What you will do - An exact copy of the data is needed, one that excludes all pictures.

Supplied information -
--*--

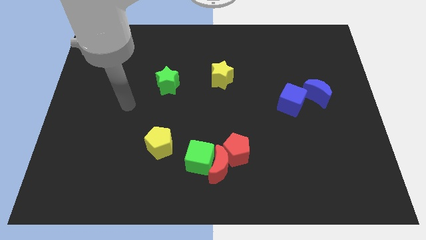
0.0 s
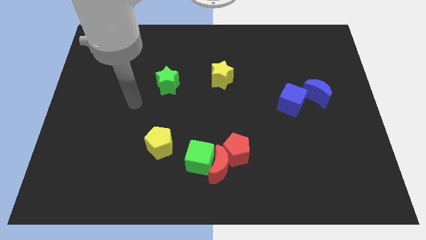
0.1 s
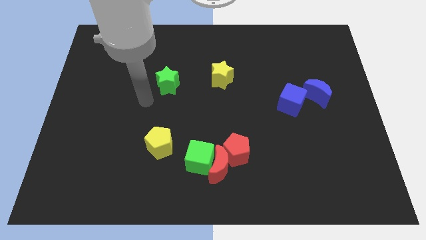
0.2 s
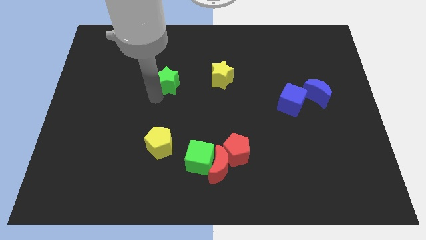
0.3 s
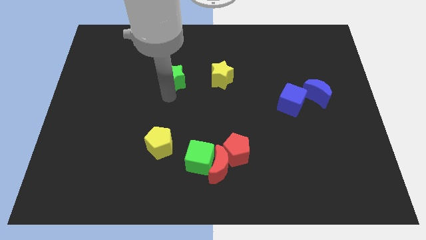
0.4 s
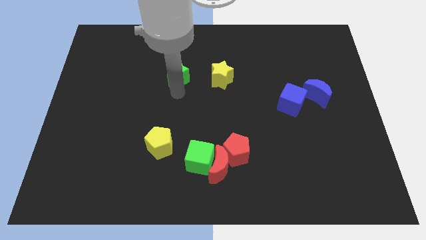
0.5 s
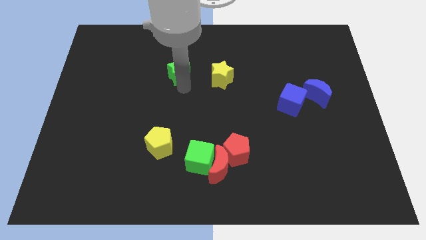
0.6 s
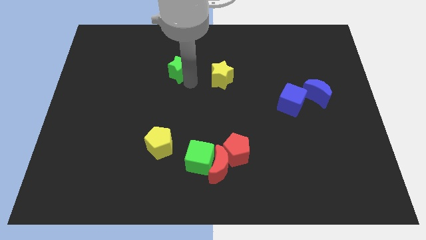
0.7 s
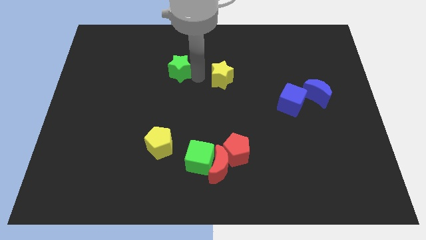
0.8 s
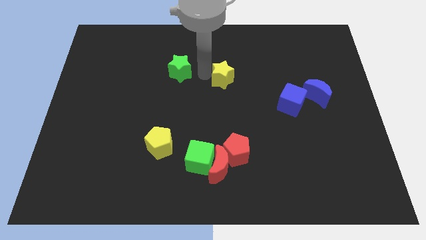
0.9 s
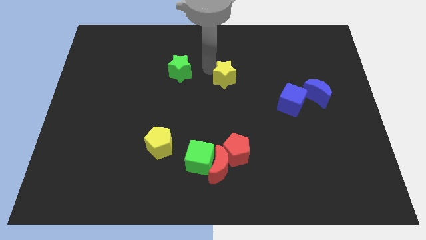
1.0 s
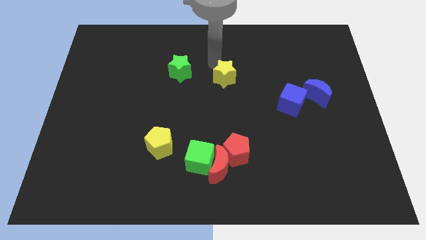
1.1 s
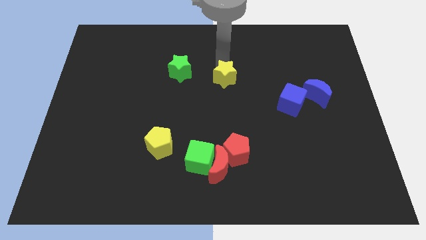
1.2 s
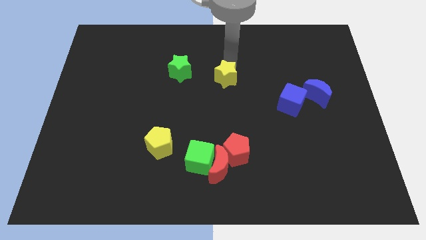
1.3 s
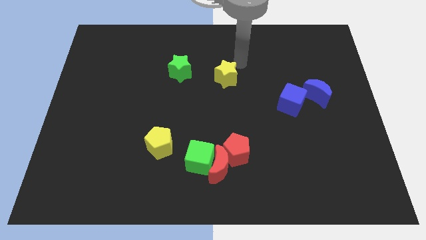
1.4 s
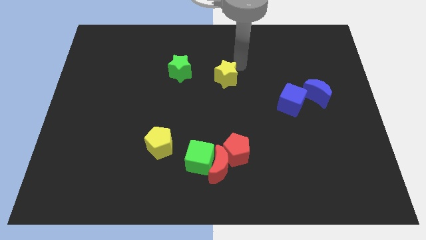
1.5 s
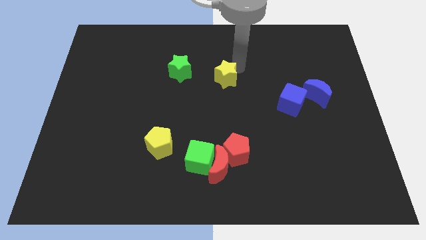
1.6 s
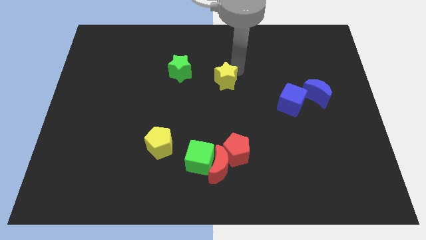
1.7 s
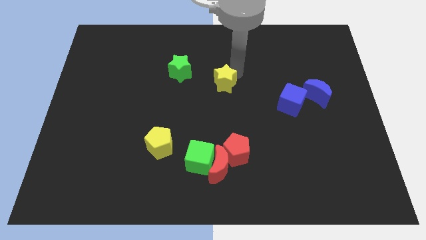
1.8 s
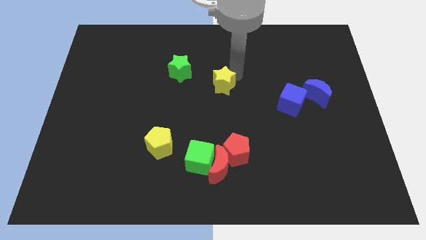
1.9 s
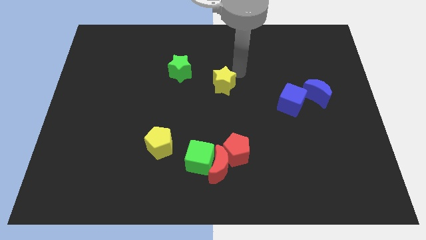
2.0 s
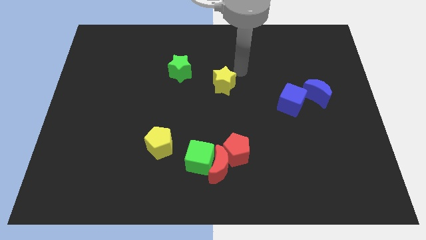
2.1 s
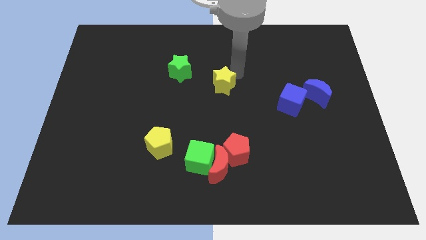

--*--

Written response -
0.0 s
0.1 s
0.2 s
0.3 s
0.4 s
0.5 s
0.6 s
0.7 s
0.8 s
0.9 s
1.0 s
1.1 s
1.2 s
1.3 s
1.4 s
1.5 s
1.6 s
1.7 s
1.8 s
1.9 s
2.0 s
2.1 s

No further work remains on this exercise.